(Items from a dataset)
+ + + + +

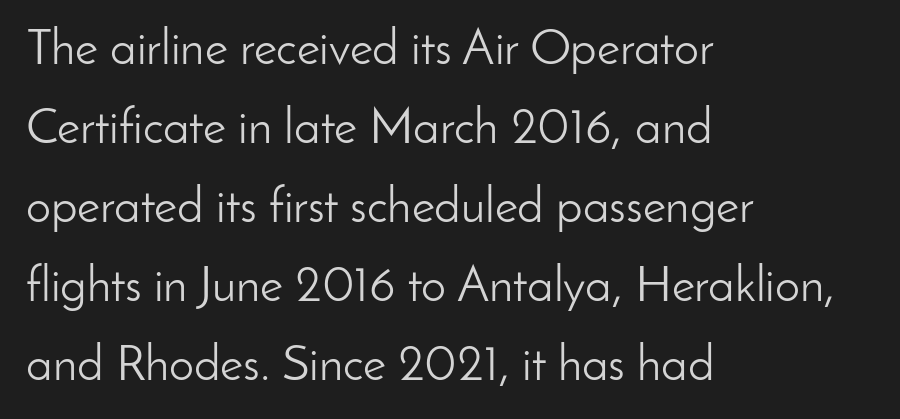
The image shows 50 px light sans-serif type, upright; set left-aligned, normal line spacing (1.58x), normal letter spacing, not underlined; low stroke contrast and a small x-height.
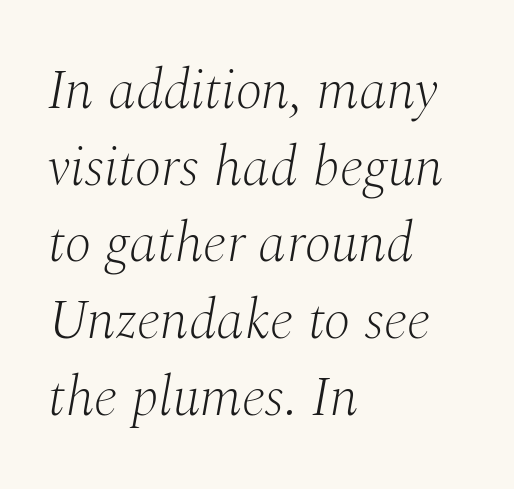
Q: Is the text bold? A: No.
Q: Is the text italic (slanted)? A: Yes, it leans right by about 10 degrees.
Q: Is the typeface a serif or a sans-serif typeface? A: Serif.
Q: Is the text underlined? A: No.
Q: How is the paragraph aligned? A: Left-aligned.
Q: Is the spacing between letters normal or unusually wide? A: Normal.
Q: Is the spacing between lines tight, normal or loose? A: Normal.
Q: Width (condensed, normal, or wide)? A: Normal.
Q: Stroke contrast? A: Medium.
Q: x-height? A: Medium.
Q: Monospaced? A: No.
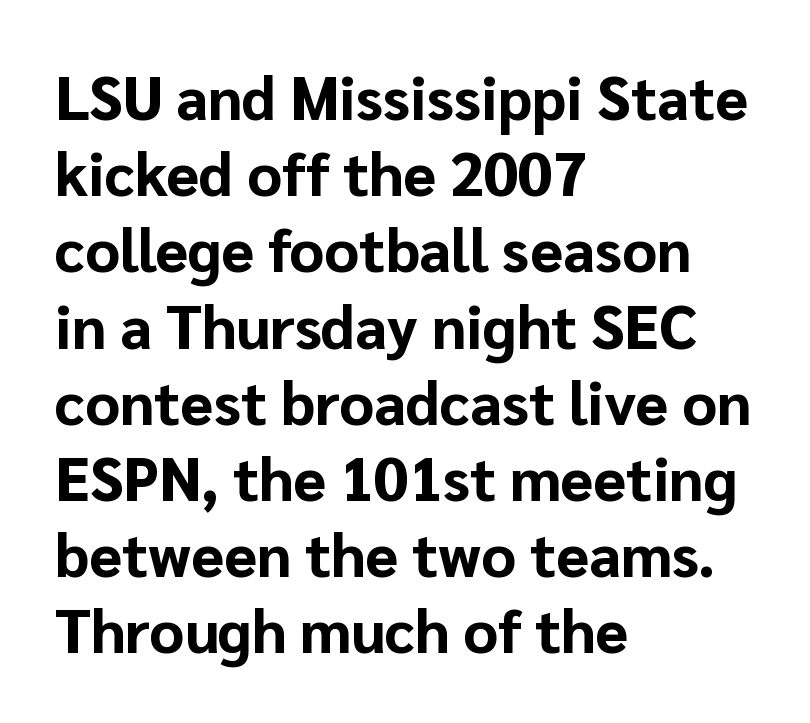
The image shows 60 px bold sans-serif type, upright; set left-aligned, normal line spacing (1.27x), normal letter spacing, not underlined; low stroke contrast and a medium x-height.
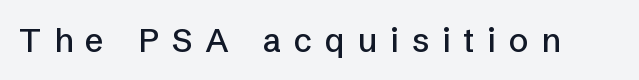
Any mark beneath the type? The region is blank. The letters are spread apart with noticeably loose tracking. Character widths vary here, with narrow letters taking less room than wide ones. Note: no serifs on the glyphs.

+ + + + +

→ **GOAL OF THE EXERCISE**
Whatever lies between the first line of the data and the line holding "Q: Is the text underlined? A: No.", inclusive, should be repeated exactly, apart from the pictures.

→ **RESULT FOR THIS TASK**
The image shows 50 px light sans-serif type, upright; set left-aligned, normal line spacing (1.58x), normal letter spacing, not underlined; low stroke contrast and a small x-height.
Q: Is the text bold? A: No.
Q: Is the text italic (slanted)? A: Yes, it leans right by about 10 degrees.
Q: Is the typeface a serif or a sans-serif typeface? A: Serif.
Q: Is the text underlined? A: No.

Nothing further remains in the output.